--- Data extracts Enclosed Below ---

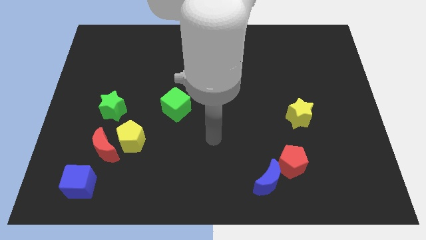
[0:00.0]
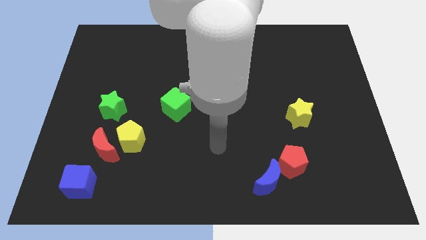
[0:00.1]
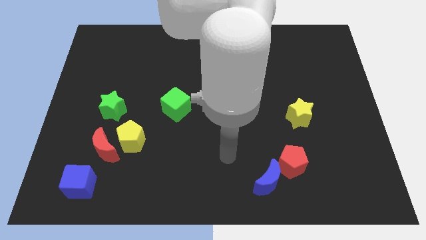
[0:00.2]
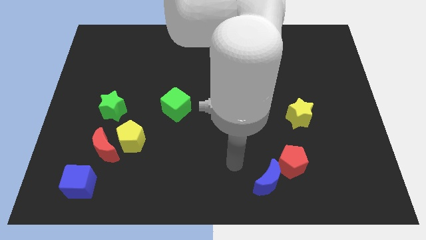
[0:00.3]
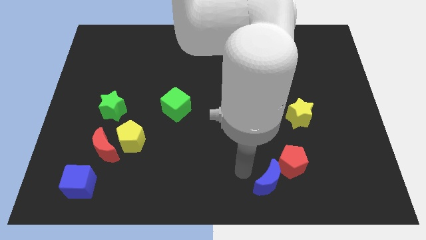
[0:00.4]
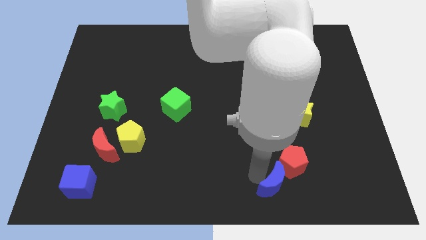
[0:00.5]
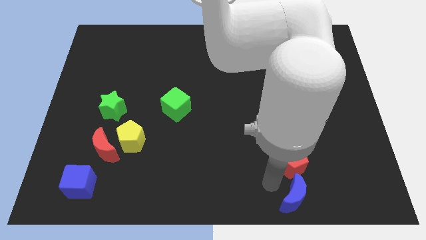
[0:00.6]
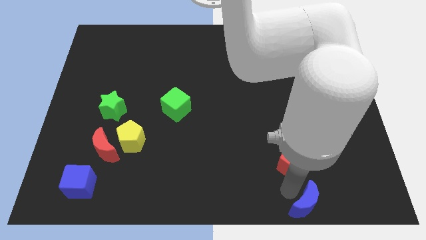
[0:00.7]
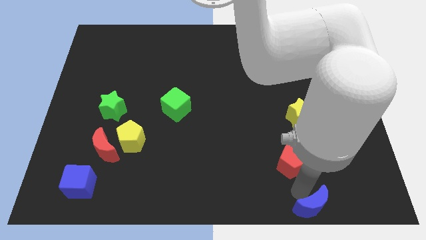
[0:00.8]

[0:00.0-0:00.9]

--- End of Enclosed Data extracts ---

- [Problem requirements]: What you return must match the records line for line, with the pictures left out.

- [Answer space]:
[0:00.0]
[0:00.1]
[0:00.2]
[0:00.3]
[0:00.4]
[0:00.5]
[0:00.6]
[0:00.7]
[0:00.8]

[0:00.0-0:00.9]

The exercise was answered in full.